Cornelis Kussens

Uit Wikipedia, de vrije encyclopedie
Cornelis Kussens
Detail van het door Kussens gemaakte glas voor de Goudse Sint-Janskerk "De farizeeër en de tollenaar" (1597)
Persoonsgegevens
Volledige naam Cornelis Ysbrantsz. Kussens
Geboren Haarlem, 1580
Overleden 24 mei 1618
Beroep(en) tekenaar en glazenier
RKD-profiel
Portaal  Portaalicoon   Kunst & Cultuur

Cornelis Ysbrantsz. Kussens, ook bekend onder diverse andere naamsvarianten,[1] (? - 24 mei 1618) was een Noord-Nederlandse tekenaar en glazenier.

Biografie[bewerken | brontekst bewerken]

Kussens is werkzaam geweest in Amsterdam en na 1604 in Haarlem.
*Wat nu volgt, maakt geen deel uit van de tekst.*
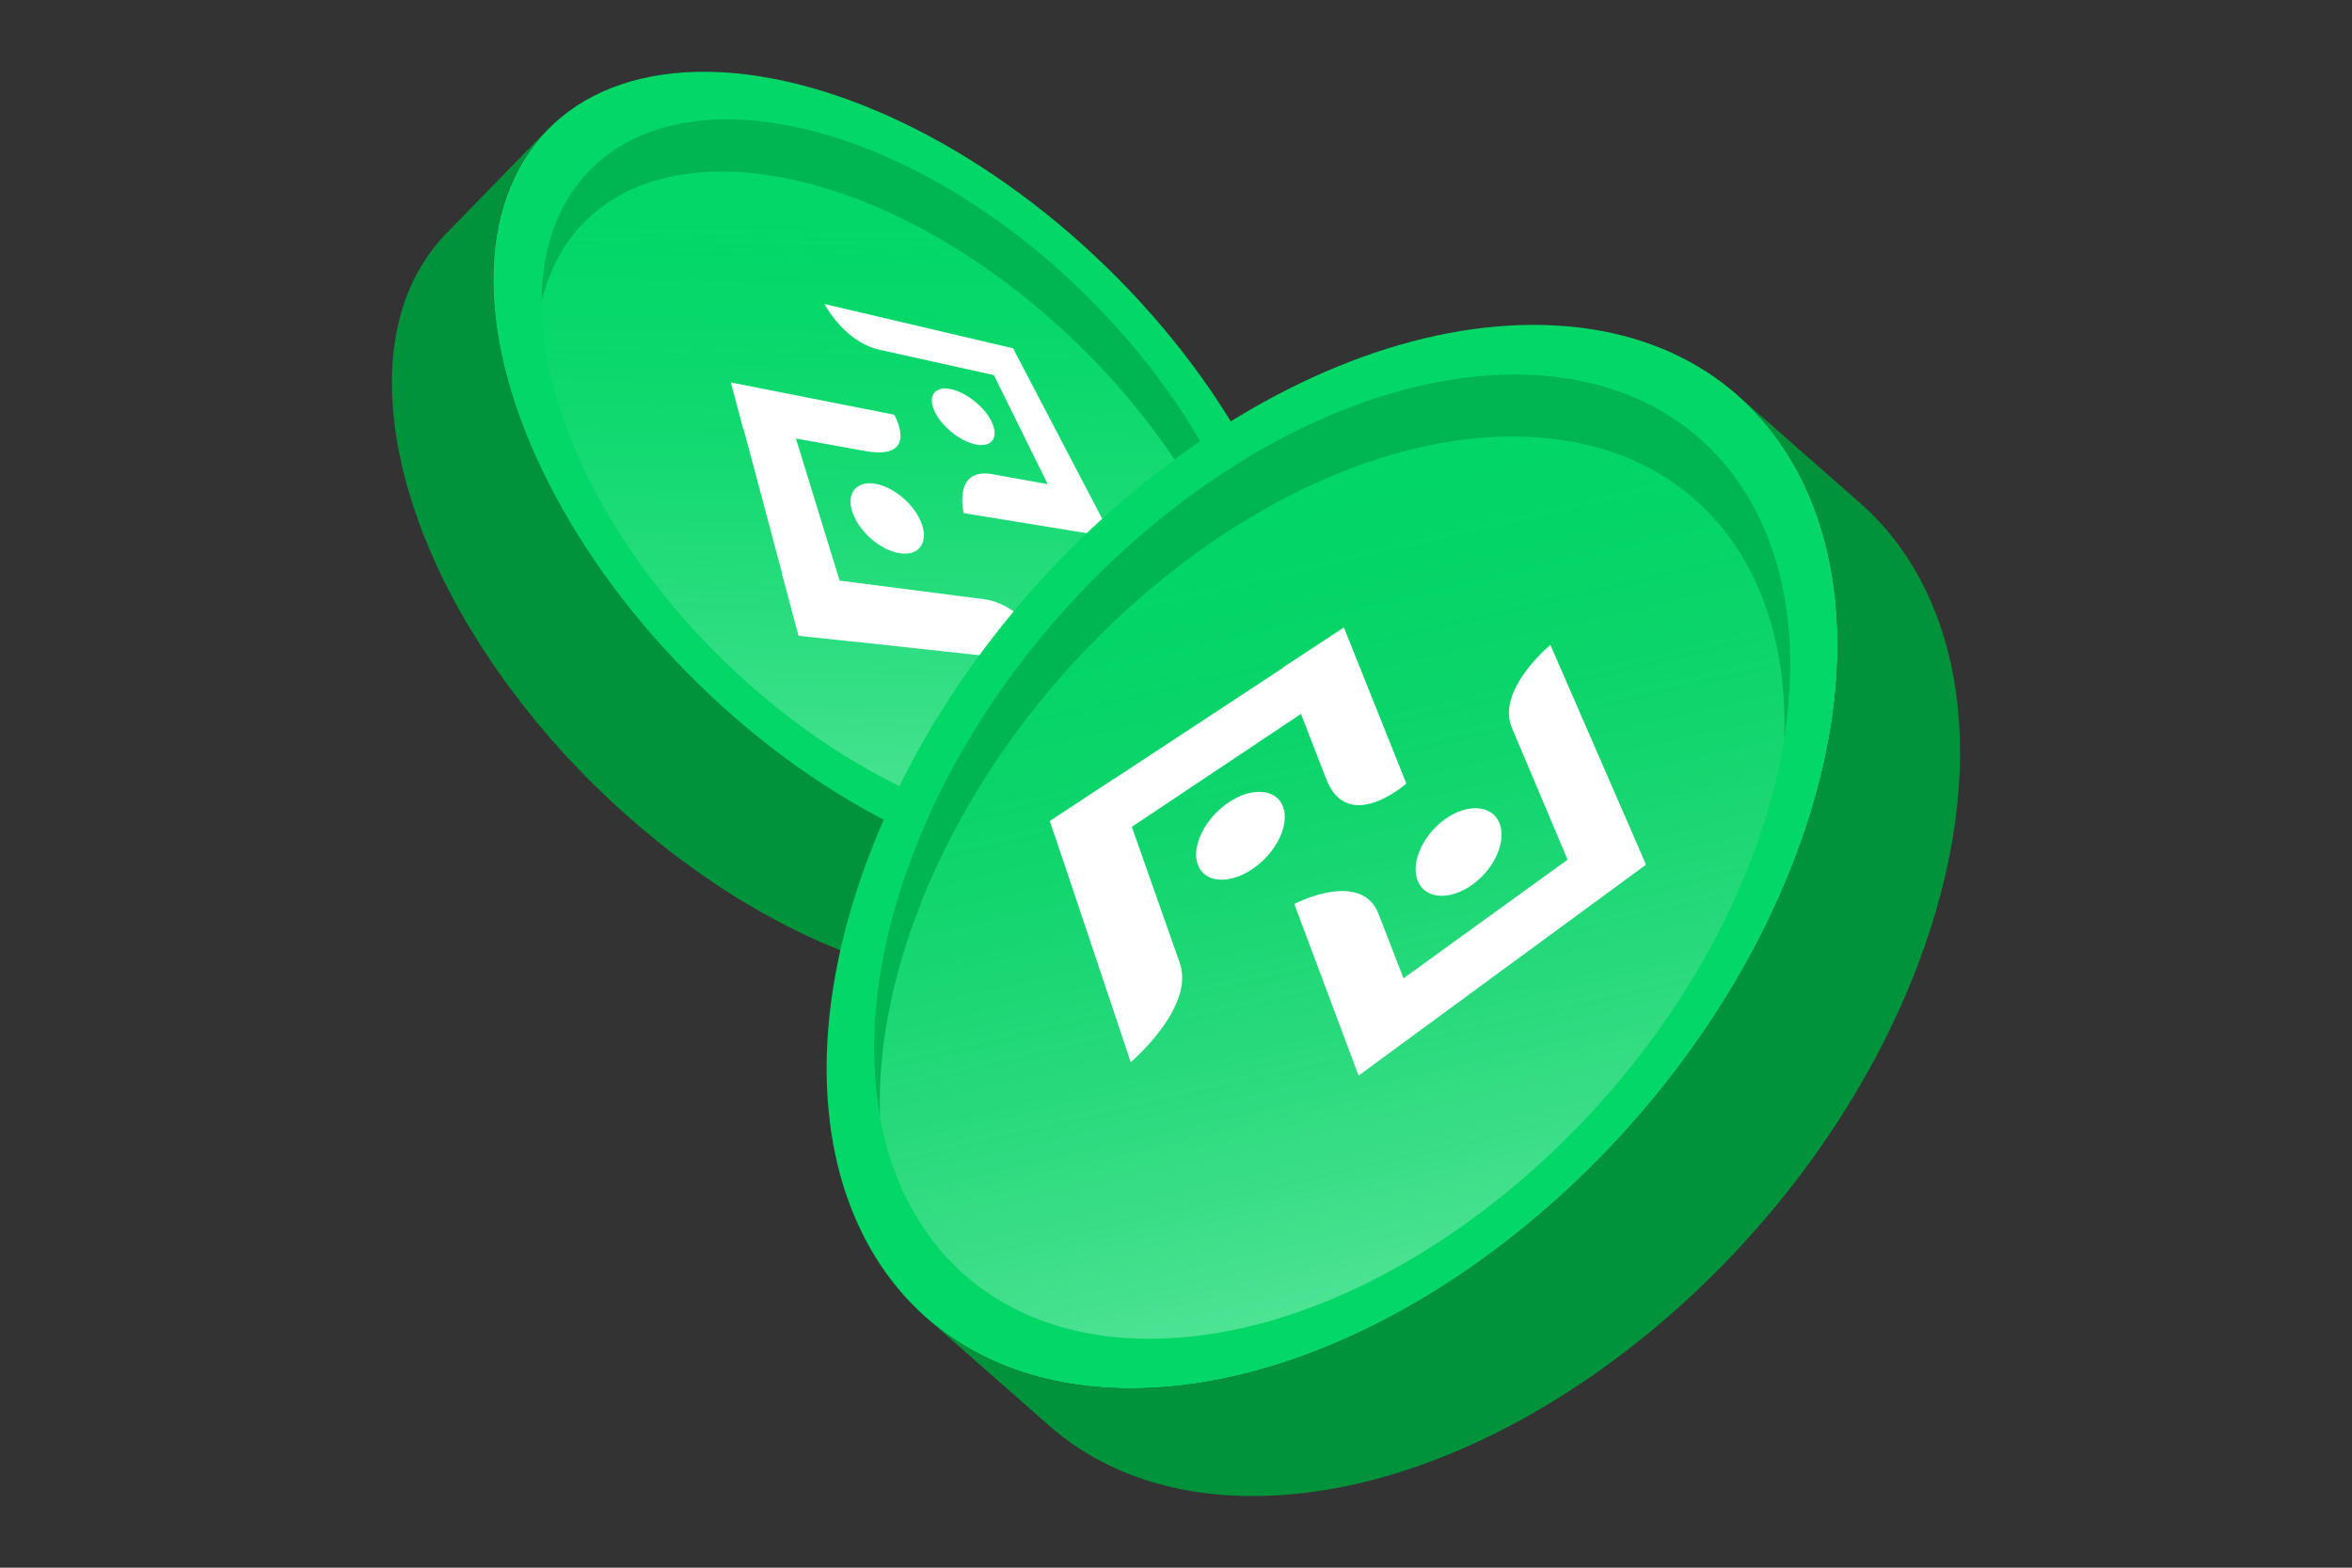 <svg xmlns="http://www.w3.org/2000/svg" xmlns:xlink="http://www.w3.org/1999/xlink" viewBox="0 0 1200 800"><rect x="0" y="0" width="1200" height="800" fill="#333333" stroke="none"/><defs><style>.cls-1{fill:#00933b;}.cls-2{fill:#02d767;}.cls-3{fill:url(#linear-gradient);}.cls-4{fill:#00b652;}.cls-5{fill:#fff;}.cls-6{fill:url(#linear-gradient-2);}</style><linearGradient id="linear-gradient" x1="457.59" y1="423.42" x2="463.89" y2="62.52" gradientTransform="translate(313.41 -256.64) rotate(45.76)" gradientUnits="userSpaceOnUse"><stop offset="0" stop-color="#fff" stop-opacity="0.3"/><stop offset="0.42" stop-color="#99efc2" stop-opacity="0.18"/><stop offset="0.96" stop-color="#02d767" stop-opacity="0"/></linearGradient><linearGradient id="linear-gradient-2" x1="730.06" y1="655.4" x2="629.28" y2="218.89" gradientUnits="userSpaceOnUse"><stop offset="0" stop-color="#fff" stop-opacity="0.3"/><stop offset="0.42" stop-color="#98d9b4" stop-opacity="0.18"/><stop offset="0.96" stop-color="#00a044" stop-opacity="0"/></linearGradient></defs><g id="KUB"><path class="cls-1" d="M544.62,498.43c1.44-.36,2.85-.78,4.26-1.2,1.19-.35,2.38-.69,3.55-1.07,1.4-.47,2.76-1,4.12-1.51,1.12-.43,2.26-.83,3.36-1.29,1.36-.57,2.67-1.21,4-1.83,1.05-.5,2.12-1,3.14-1.5,1.33-.69,2.61-1.45,3.9-2.19,1-.56,1.95-1.08,2.89-1.67,1.32-.83,2.58-1.74,3.86-2.63.84-.59,1.72-1.14,2.54-1.76,1.39-1,2.71-2.18,4-3.3.65-.56,1.34-1.07,2-1.64,1.93-1.74,3.8-3.56,5.59-5.48l51.67-53.07c-1.79,1.93-3.66,3.75-5.59,5.49-.65.57-1.34,1.09-2,1.65-1.32,1.12-2.63,2.24-4,3.28-.83.62-1.7,1.18-2.55,1.77-1.27.89-2.54,1.8-3.86,2.63-.94.59-1.93,1.11-2.89,1.67-1.29.74-2.56,1.5-3.89,2.19-1,.53-2.1,1-3.15,1.5-1.32.62-2.64,1.25-4,1.82-1.1.47-2.24.87-3.37,1.3-1.36.52-2.72,1-4.12,1.5-1.16.39-2.36.73-3.55,1.08-1.41.42-2.81.83-4.25,1.2-1.23.31-2.48.58-3.73.85-1.45.32-2.9.64-4.38.91-2,.37-4.13.72-6.24,1l-.59.09c-2.45.31-4.94.54-7.46.73l-2,.13c-2.12.12-4.26.21-6.42.25-.49,0-1,0-1.46,0-2.57,0-5.18,0-7.81-.12l-1.93-.1q-3.25-.17-6.55-.45l-1.93-.16c-2.7-.27-5.41-.58-8.15-1l-1.71-.27q-3.4-.49-6.86-1.13l-2.37-.44c-2.74-.53-5.48-1.1-8.25-1.75l-.31-.06c-2.87-.67-5.75-1.43-8.65-2.22l-2.42-.68q-3.49-1-7-2.1l-2-.61q-4.36-1.41-8.77-3l-2-.74q-3.46-1.27-6.94-2.67l-3-1.21q-3.48-1.43-7-3c-.75-.33-1.5-.64-2.24-1q-4.56-2-9.14-4.27l-2.07-1c-2.39-1.19-4.78-2.4-7.17-3.66l-3-1.61c-2.19-1.17-4.37-2.38-6.56-3.61-.94-.54-1.89-1.06-2.84-1.61-3-1.72-5.95-3.48-8.93-5.31l-.25-.15q-4.57-2.82-9.14-5.83c-.92-.6-1.85-1.23-2.77-1.85-2.18-1.45-4.35-2.94-6.52-4.45-1-.7-2-1.4-3-2.11q-3.5-2.47-6.95-5.06c-.73-.54-1.46-1.06-2.18-1.61q-4.49-3.39-8.94-6.94c-.69-.55-1.38-1.12-2.07-1.68q-3.47-2.81-6.89-5.69c-1-.81-1.93-1.64-2.9-2.47-2.09-1.8-4.18-3.64-6.27-5.5-.89-.8-1.79-1.59-2.68-2.4-2.91-2.64-5.79-5.31-8.66-8.06q-4.66-4.47-9.14-9c-1-1-1.95-2.06-2.94-3.08-2-2-3.93-4.06-5.83-6.11-1.14-1.24-2.23-2.48-3.35-3.72-1.69-1.87-3.4-3.73-5-5.61-1.17-1.34-2.29-2.7-3.44-4.05-1.53-1.8-3.08-3.59-4.57-5.4-1.15-1.4-2.26-2.82-3.38-4.23-1.43-1.77-2.86-3.54-4.24-5.33-1.12-1.44-2.19-2.89-3.28-4.34-1.33-1.77-2.67-3.53-3.95-5.3-1.08-1.48-2.11-3-3.15-4.45-1.24-1.75-2.49-3.5-3.69-5.26-1-1.51-2-3-3-4.52-1.21-1.84-2.43-3.67-3.59-5.5-.49-.76-1-1.52-1.43-2.28q-2.24-3.57-4.35-7.14c-.41-.69-.83-1.37-1.23-2.06q-2.57-4.4-5-8.79c-.34-.61-.66-1.23-1-1.84-1.3-2.42-2.57-4.84-3.79-7.26-.41-.79-.81-1.58-1.2-2.38q-2.21-4.41-4.24-8.83c-.1-.2-.18-.4-.27-.6-1.26-2.77-2.46-5.52-3.62-8.27l-1-2.41q-1.56-3.8-3-7.58c-.17-.44-.34-.87-.5-1.31-1.08-2.89-2.09-5.78-3.05-8.66-.24-.73-.48-1.46-.71-2.19-.76-2.33-1.47-4.66-2.15-7-.19-.67-.4-1.34-.59-2-.8-2.83-1.55-5.66-2.23-8.46-.14-.57-.26-1.13-.39-1.7-.54-2.32-1.05-4.64-1.51-6.94-.15-.74-.3-1.49-.44-2.24-.53-2.77-1-5.53-1.41-8.26-.05-.31-.08-.6-.12-.91q-.54-3.78-.91-7.52c-.1-.91-.16-1.81-.24-2.71-.16-1.89-.3-3.78-.4-5.64,0-1-.09-2-.13-3q-.09-2.74-.09-5.46c0-.9,0-1.8,0-2.69,0-2.24.13-4.45.27-6.65,0-.41,0-.82.06-1.23q.27-3.87.77-7.65c.09-.72.21-1.43.32-2.16q.39-2.69.88-5.33c.17-.87.35-1.73.54-2.59.34-1.61.72-3.21,1.13-4.8.21-.83.43-1.67.66-2.49.49-1.73,1-3.43,1.6-5.11.2-.61.39-1.23.6-1.83.81-2.25,1.68-4.47,2.64-6.63.2-.45.43-.89.63-1.33.78-1.71,1.6-3.39,2.48-5,.37-.71.77-1.4,1.17-2.1.77-1.37,1.58-2.73,2.42-4.06.45-.71.91-1.42,1.38-2.12.9-1.34,1.86-2.65,2.83-3.95.45-.59.88-1.19,1.34-1.77,1.46-1.84,3-3.64,4.59-5.37l-51.67,53.07c-1.61,1.72-3.12,3.52-4.58,5.36-.47.58-.9,1.18-1.34,1.78-1,1.29-1.93,2.6-2.84,4-.47.69-.92,1.4-1.37,2.11-.85,1.33-1.65,2.69-2.43,4.06-.39.7-.79,1.39-1.17,2.1-.88,1.65-1.69,3.33-2.48,5-.2.45-.43.88-.63,1.33q-1.42,3.26-2.63,6.63c-.22.6-.4,1.22-.61,1.83-.57,1.68-1.11,3.38-1.6,5.11-.23.83-.44,1.66-.66,2.49-.41,1.59-.79,3.19-1.13,4.81-.18.86-.37,1.72-.53,2.59-.34,1.76-.63,3.54-.89,5.34-.1.71-.23,1.42-.32,2.14q-.48,3.78-.77,7.65c0,.41,0,.83-.06,1.23-.13,2.2-.23,4.42-.26,6.66,0,.88,0,1.78,0,2.68,0,1.81,0,3.63.1,5.47,0,1,.07,1.95.13,2.94.09,1.87.23,3.75.39,5.64.08.91.15,1.81.24,2.71q.38,3.74.92,7.53c0,.3.07.6.11.9,0,0,0,.09,0,.14.4,2.68.87,5.4,1.39,8.12.14.75.3,1.5.45,2.25q.69,3.45,1.5,6.93c.14.57.26,1.13.4,1.7q1,4.22,2.23,8.46c.19.67.39,1.35.59,2,.67,2.31,1.39,4.62,2.14,7,.24.74.47,1.47.72,2.21,1,2.87,2,5.76,3,8.65.16.44.34.89.51,1.33.64,1.7,1.29,3.4,2,5.11.32.81.68,1.63,1,2.44s.67,1.62,1,2.42q1.73,4.13,3.61,8.27l.27.6q2,4.41,4.24,8.83c.39.8.8,1.59,1.2,2.39,1.23,2.41,2.49,4.83,3.79,7.24l1,1.86q2.4,4.39,5,8.78c.41.69.83,1.38,1.24,2.08q2.12,3.56,4.33,7.11L245,329c.31.48.6,1,.9,1.44.87,1.35,1.8,2.69,2.68,4,1,1.52,2,3,3,4.55,1.19,1.74,2.43,3.49,3.66,5.23,1.06,1.49,2.09,3,3.17,4.48,1.29,1.76,2.62,3.51,3.94,5.27,1.09,1.45,2.17,2.92,3.29,4.37,1.38,1.77,2.8,3.53,4.22,5.3,1.13,1.42,2.25,2.84,3.41,4.25,1.48,1.8,3,3.58,4.53,5.37,1.16,1.36,2.3,2.73,3.48,4.09,1.63,1.86,3.32,3.7,5,5.55,1.14,1.26,2.24,2.52,3.4,3.77,1.89,2,3.85,4.06,5.8,6.08,1,1,2,2.08,3,3.11q4.47,4.56,9.14,9c2.86,2.75,5.75,5.42,8.65,8.06.89.81,1.79,1.6,2.69,2.4,2.08,1.86,4.17,3.7,6.27,5.5l2.9,2.48q3.44,2.89,6.89,5.69l2.06,1.67q4.46,3.56,8.94,6.94c.73.55,1.46,1.07,2.18,1.61q3.47,2.58,6.95,5.06c1,.72,2,1.42,3,2.12,2.16,1.51,4.33,3,6.5,4.43.93.63,1.86,1.26,2.79,1.87,3,2,6.08,3.95,9.13,5.82l.26.15c3,1.83,6,3.59,8.93,5.31.95.55,1.89,1.08,2.84,1.61,2.18,1.23,4.36,2.44,6.54,3.61l3,1.62q3.57,1.88,7.14,3.64c.7.34,1.4.71,2.1,1.05q4.58,2.22,9.12,4.26l2.27,1c2.32,1,4.63,2,6.94,2.95,1,.42,2,.82,3,1.22s1.8.74,2.7,1.08c1.41.55,2.82,1.06,4.24,1.58l2,.74c2.94,1.06,5.86,2.06,8.78,3l2,.61c2.36.74,4.7,1.45,7,2.11l2.4.67c2.89.79,5.78,1.55,8.65,2.22l.34.07c2.76.64,5.49,1.21,8.22,1.74l2.38.44q3.45.63,6.85,1.14l1.71.26.67.1c2.51.34,5,.62,7.48.86l1.93.16q3.3.28,6.55.45l1.93.1c2.64.1,5.24.15,7.82.12.49,0,1,0,1.45,0q3.26-.06,6.43-.25l2-.13q3.78-.27,7.47-.73l.58-.08c1.66-.22,3.31-.46,4.94-.74.44-.08.87-.19,1.31-.27,1.48-.27,2.93-.59,4.38-.9C542.15,499,543.4,498.74,544.62,498.43Z"/><ellipse class="cls-2" cx="460.74" cy="242.97" rx="148.85" ry="253.27" transform="translate(-34.76 403.58) rotate(-45.76)"/><ellipse class="cls-3" cx="460.74" cy="242.97" rx="131.29" ry="223.39" transform="translate(-34.76 403.58) rotate(-45.76)"/><path class="cls-4" d="M296.51,115.07c49.63-53.22,162.29-26.9,251.64,58.81,58.79,56.41,92.83,124.47,95.09,179.6,10.68-58.36-24.08-140.47-93-206.54C461.26,61.54,349,35.3,299.54,88.34c-15.66,16.79-23.12,39.53-23.21,65.45C279.89,139,286.51,125.79,296.51,115.07Z"/><path class="cls-5" d="M470.09,266.82c3.76,9.82-1,16.93-10.82,15.53h0c-10-1.43-21-11-24.37-21h0c-3.24-9.71,2.09-16.11,11.63-14.5h0c9.4,1.59,19.91,10.47,23.56,20Z"/><path class="cls-5" d="M373,195.19c-.07,0-.11,0-.1.08l6.3,23.63.18,0L399,292.49h-.12l8.49,31.83h.13l0,.14L438,327.69v-.05L540.38,338.8c.07,0,.12,0,.07-.12-1.25-2.23-17.36-30.18-38.27-32.88l-73.68-9.51a.26.26,0,0,1-.18-.16l-22.2-72.25c0-.06,0-.11.09-.09l35,6.33c27.74,5,15.72-17.24,15.06-18.44,0-.06-.07-.06-.13-.07Z"/><path class="cls-5" d="M516.92,177.94l-.11-.22-96-22.57c-.06,0-.11,0-.08.06.72,1.36,10.63,19.41,28.11,23.29L507,191.41a.22.22,0,0,1,.14.11l27.35,55.42c0,.07,0,.11-.05.1l-27.82-5c-19.9-3.61-15.33,17.92-14.92,19.71a.19.19,0,0,0,.17.13l75.31,12.29c.06,0,.08,0,.05-.1l-12.14-23.25h0L517,178Z"/><path class="cls-5" d="M506,215.35c3.69,7.8.16,13.07-8,11.5h0c-8.29-1.6-18-9.54-21.4-17.46h0c-3.31-7.72.65-12.49,8.65-10.79h0c7.89,1.68,17.16,9.13,20.76,16.75Z"/><path class="cls-2" d="M782.45,165.78c130.61,0,190.47,121.51,133.71,271.36S707.48,708.51,576.87,708.51,386.42,587,443.19,437.14,651.86,165.78,782.45,165.78Z"/><path class="cls-6" d="M772.83,191.19c118.38,0,172.64,110.12,121.19,246s-189.14,246-307.52,246S413.87,573,465.33,437.14,654.46,191.19,772.83,191.19Z"/><path class="cls-1" d="M886.56,201.76,949,256.68c53.23,46.84,67.73,134.71,29.6,235.38C921.8,641.93,769.89,763.43,639.28,763.43c-42.85,0-78.09-13.08-104.09-36l-62.41-54.92c26,22.88,61.24,36,104.09,36,130.61,0,282.52-121.5,339.29-271.37C954.29,336.47,939.79,248.6,886.56,201.76Z"/><path class="cls-4" d="M468,465.62c50.8-134.12,186.76-242.86,303.64-242.86,89.68,0,142,64,138.63,154.39,17.12-106.83-37.12-186-137.46-186-118.37,0-256.06,110.12-307.5,246C446.8,486.05,442.05,531.59,449,569.9,447.85,538.3,453.88,503,468,465.62Z"/><path class="cls-5" d="M639.29,443.27c-12,8.28-24.78,7.35-28.18-2.08h0c-3.38-9.36,3.72-23.62,15.68-31.68h0c11.87-8,24.34-7.05,27.81,2.1h0c3.49,9.2-3.36,23.44-15.31,31.66Z"/><path class="cls-5" d="M685.69,320.29c0-.06-.11-.07-.19,0l-30.89,20.31.06.15-85.92,56.5,0-.1-33,21.72,0,.1-.13.09,8.53,25.14,0,0,32.71,97.69c0,.08.1.11.2,0,2.35-2,32.55-28.72,24.85-50.53L577.5,422.05c0-.07,0-.16.11-.22l86-57.41c.09-.06.17-.05.2,0l12.79,33c10.87,28,39.31,3.82,40.86,2.46.07-.06,0-.1,0-.16Z"/><path class="cls-5" d="M839.38,441.37l.37-.27L791.07,329.2c0-.07-.1-.1-.18,0-2,1.67-27.34,23.68-19.52,42.19,5.13,12.14,18.72,44.32,28.39,67.19a.21.21,0,0,1-.1.22l-83.42,60.32c-.09.06-.18.06-.21,0l-12.66-32.66c-8.57-22.08-40.32-6.52-42.85-5.23a.19.19,0,0,0-.11.23l32.72,87.3c0,.07.12.08.21,0l32.66-24v0l113.45-83.24Z"/><path class="cls-5" d="M751.15,451.5c-11.54,8.26-24.11,7.34-27.84-2.05h0c-3.7-9.33,2.74-23.55,14.21-31.6h0c11.39-8,23.71-7,27.48,2.07h0c3.8,9.18-2.39,23.39-13.85,31.58Z"/></g></svg>

Samen met de Haarlemse schilder Hendrick Goltzius verzorgde Kussens de intrede van de Haarlemse rederijkersvereniging Trou moet Blycken in 1596 op de door Leiden georganiseerde rederijkerswedstrijd. Zij wonnen daarmee de eerste prijs.[2]

Werken[bewerken | brontekst bewerken]

Kussens maakte in 1597, in opdracht van de stad Amsterdam, een gebrandschilderd glas voor de Goudse Sint-Janskerk.[3] Het glas, ontworpen door Hendrick de Keyser, is een voorstelling van de gelijkenis van "De Farizeeër en de tollenaar". Er is, in tegenstelling tot de oudere glazen in deze kerk, maar weinig kleur gebruikt. Alleen de afgebeelde personen en de guirlandes zijn helder gekleurd, voor het overige is gebruikgemaakt van de techniek van de grauwschildering, waarbij vooral bruine tinten zijn gebruikt.[4] De weergegeven architectuur van de tempel verraadt de hand van De Keyser.[5] Ignatius Walvis toonde zich tevreden over de weergave van de tempel, minder was hij te spreken over de afgebeelde tollenaar die in zijn ogen te sterk draaide "laatende het boven-lijf van vooren, en het onder van achteren zien als een wenteltrap".[6]

Ook het glasraam met de aartshertogen Albrecht en Isabella in aanbidding voor het kruis, naar een ontwerp van Jan Baptist van der Veken, in de Onze-Lieve-Vrouwekathedraal van Antwerpen gemaakt in 1616 wordt aan Kussens toegeschreven.[7]

De Haarlemse prentkunstenaar Gillis van Breen maakte een prent naar een werk van Kussens met een voorstelling van een musicerend paar op een terras, een allegorie op het huwelijk.[8]